コマンドの備忘録的になってしまうと思いますので、悪しからず。
3日目
テキストファイルの中身を表示する
$ head -n [行数] [テキストファイルのパス] #テキストファイルの最初から、行数で指定した部分までを表示する(行数を指定しない場合、10行分表示される) $ tail -n [行数] [テキストファイルのパス] #テキストファイルの最後から、行数で指定した行数分までを表示する(行数を指定しない場合、最後の10行分表示される)
上記のコマンドで、パスを指定しない場合は、入力が標準入力となるので、他のコマンドと組み合わせて使用可能(パイプ)

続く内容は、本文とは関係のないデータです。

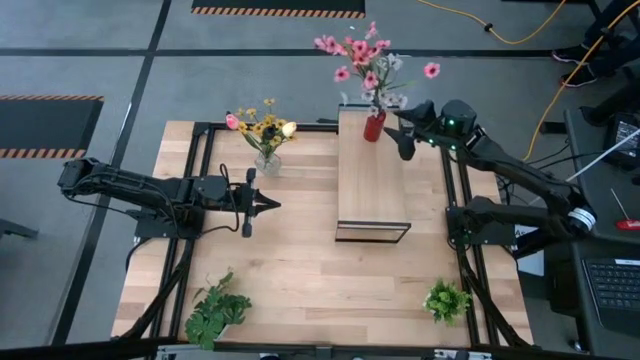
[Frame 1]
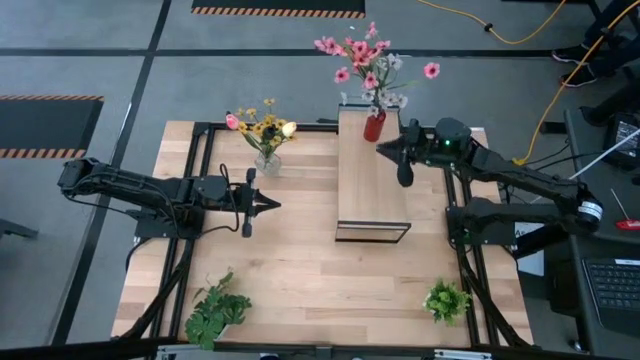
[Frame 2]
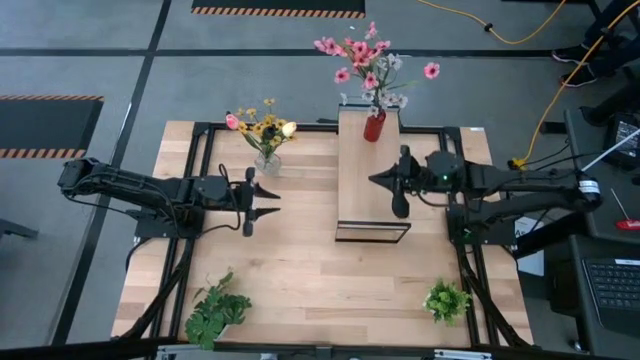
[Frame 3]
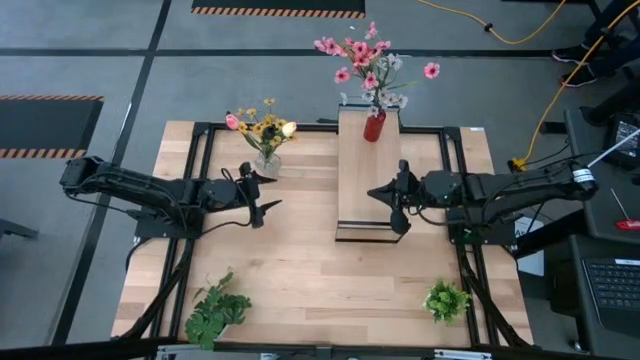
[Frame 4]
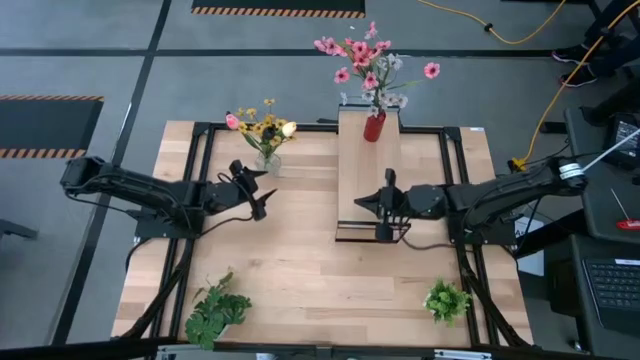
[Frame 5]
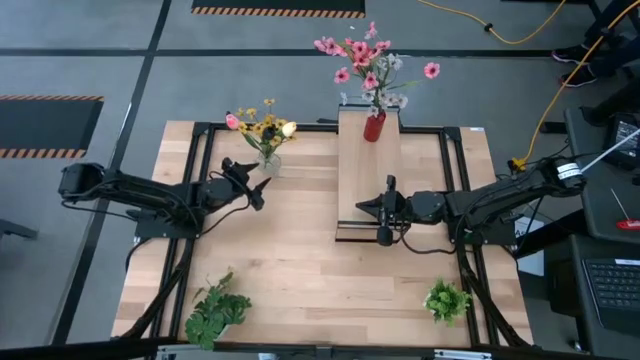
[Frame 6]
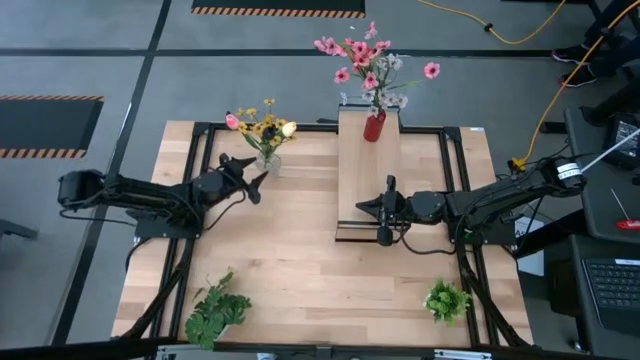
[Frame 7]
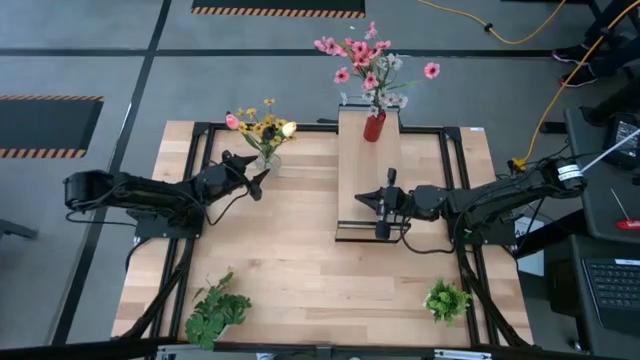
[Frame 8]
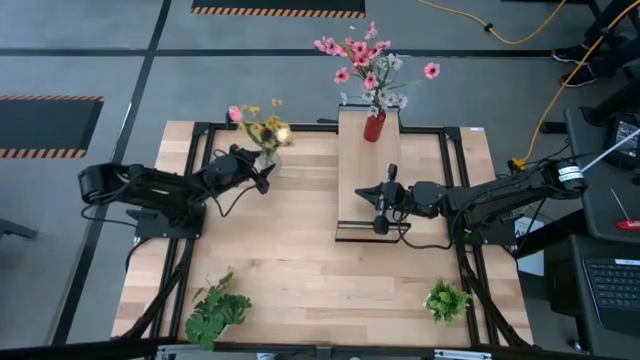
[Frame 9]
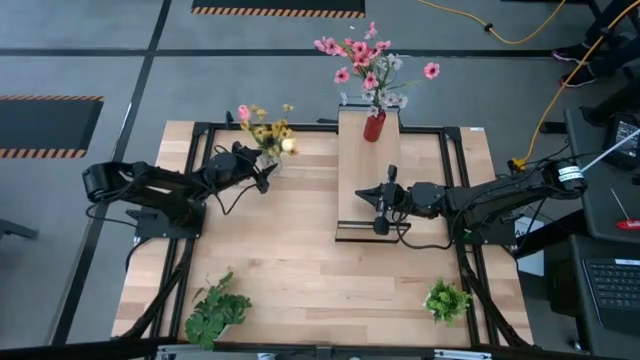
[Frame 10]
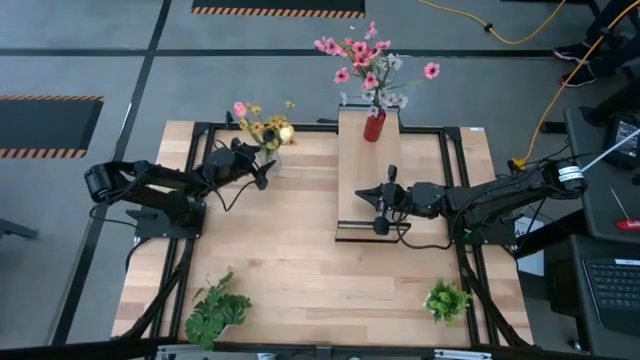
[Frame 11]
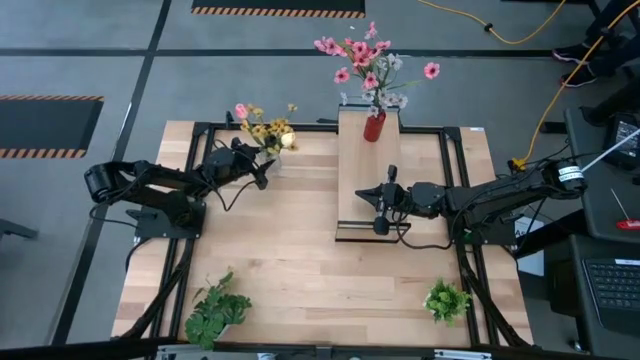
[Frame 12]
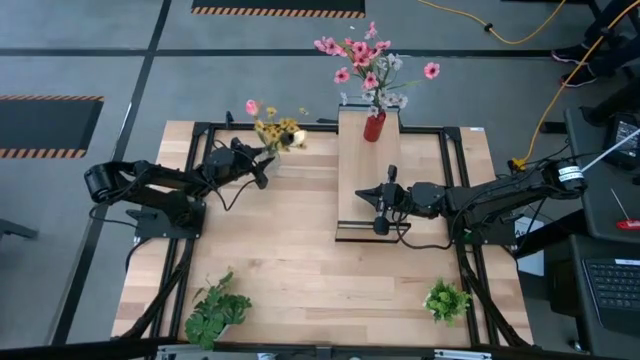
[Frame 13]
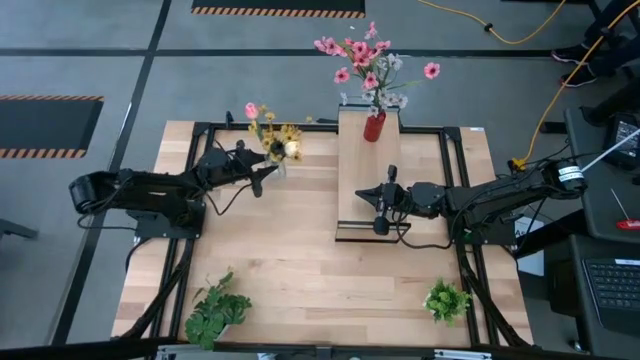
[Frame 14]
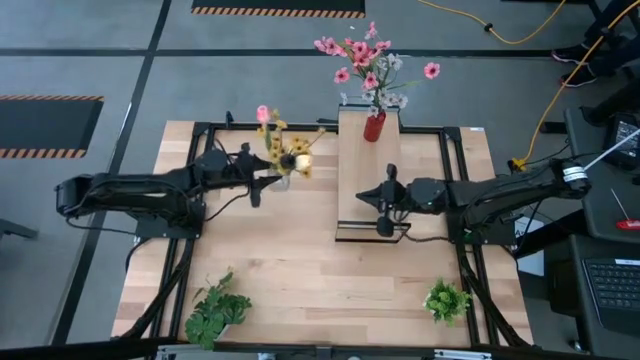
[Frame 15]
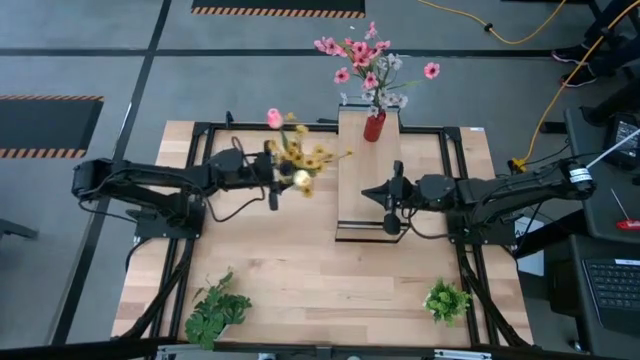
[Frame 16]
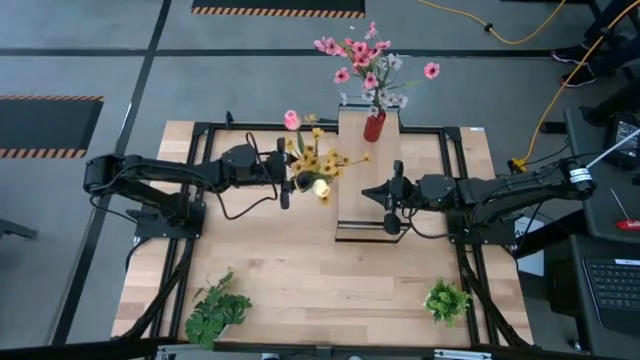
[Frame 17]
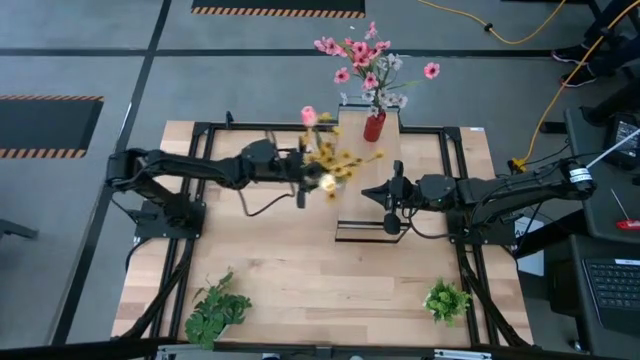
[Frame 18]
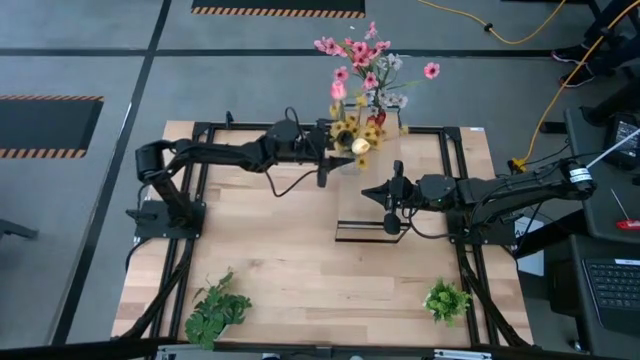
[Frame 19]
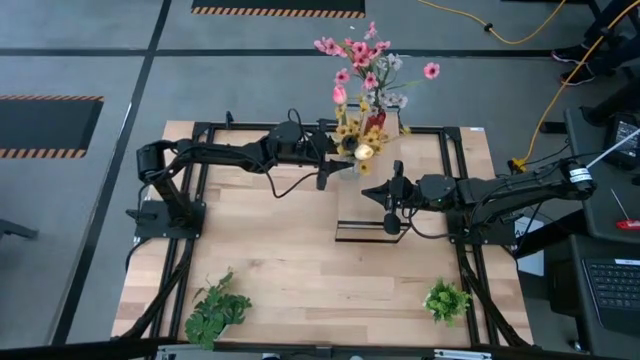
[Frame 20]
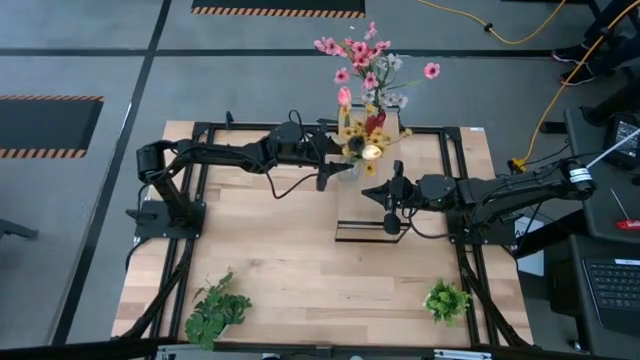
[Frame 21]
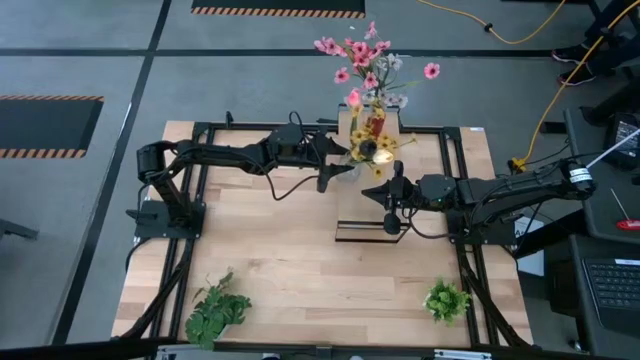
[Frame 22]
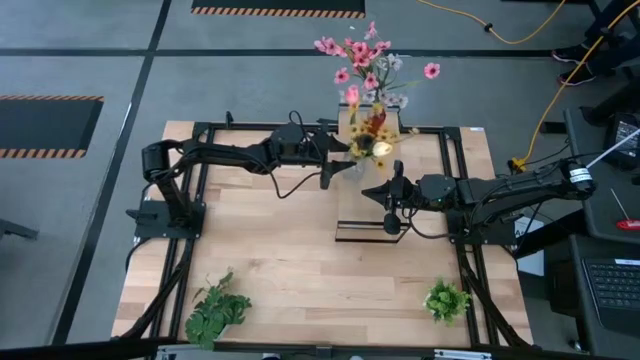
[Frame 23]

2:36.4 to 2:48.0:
Task: Pick and place flowers into a vace then onto a shelf
Put the transparent vase on the shelf

$ cat -n パス | head -n 20 | tail -n 10 #パスで指定したファイルの11行目から20行目までを、行番号を付与して表示する ※headで最初から20行目までを指定し、tailで最後から10行分を指定することで、結果11行目から20行目までを指定したことになります
上記では、テキストファイルの一部を取り出して表示しましたが、長いテキストファイルの全てを閲覧するのに便利なのが以下のコマンドです
$ less [テキストファイルのパス] $ less -N [テキストファイルのパス] #"-N"を指定すると、各行の先頭に行番号が付与される $ less -p文字列 [テキストファイルのパス] #"-p"で文字列を指定すると、ファイルで文字列を含む行を最初に表示する
このコマンドを使用すると、ページをめくるように1画面ずつ表示できます(ページャ)。
キー | 説明 |
---|---|
Space | 次のページへ進む |
b | 前のページへ戻る |
Enter | 1行進む |
y | 1行戻る |
d | 半画面進む |
w | 半画面戻る |
g | 最初の行に戻る |
数字 q | 指定した行に移動する |
Shift + g | 最後の行に移動する |
また、lessには検索機能もあります。
"/"を入力後、検索したい文字列をタイプしてEnterを押すだけです。
※小文字・大文字を区別します
同じ文字列をファイル後方に向かって検索するには"N"キー、前に向かって検索するには"Shift + N"を押します。
テキストファイルから必要な行を取り出す
$ grep [検索したい文字列] [ファイルのパス] [ファイルのパス] ... #ファイル内容のうち、検索したい文字列を含む行を表示する(複数ファイル指定可能) ※ファイルのパスには、ワイルドカードの使用も可能 ※検索したい文字列にスペースが含まれる場合、ダブルクォーテーション(シングルクォーテーション)でくくる必要がある ※小文字・大文字を区別する $ grep -i [検索したい文字列] [ファイルのパス] #"-i"をつけることで、小文字・大文字の区別なく検索できる $ grep -v [検索したい文字列] [ファイルのパス] #"-v"をつけることで引数で指定した文字列を含まない行を表示する $ grep -h [検索したい文字列] [ファイルのパス] #"-h"をつけることで複数のファイルを検索した場合の結果に、ファイル名を表示しなくなる $ grep -e [文字列1] -e [文字列2] ... [ファイルのパス] #"-e"は検索文字列を指定する形式。複数のOR検索ができる $ grep [文字列1] [ファイルのパス] | grep [文字列2] | grep ... #文字列のAND検索ができる
パイプによる他のコマンドとの併用も可能です。
$ cat -n パス | grep [文字列] #パスで指定したファイル内容のうち、文字列を含む行を、行番号とともに表示する
検索する文字列には正規表現の使用も可能です。
$ grep -v -e '^090' -e '^$' ファイル #先頭が090から始まらず、空行ではない行を表示する ※'^$'で空行を示す。"^"は行頭、"$"は行末を表すので、その間に文字を指定しない=空行となる
grepコマンドでは、正規表現に使う特殊文字をそのまま検索するには、エスケープ(\)が必要となります。エスケープ量が増えると検索しにくいので、正規表現を全く使えない検索コマンドがあります。
$ fgrep $ grep -F
使い方は"grep"と同じですが、正規表現の特殊文字かどうかを気にすることなく検索できます。ただし、シェルのワイルドカードを文字として検索するには、ダブルクォーテーション(シングルクォーテーション)でくくる必要があります。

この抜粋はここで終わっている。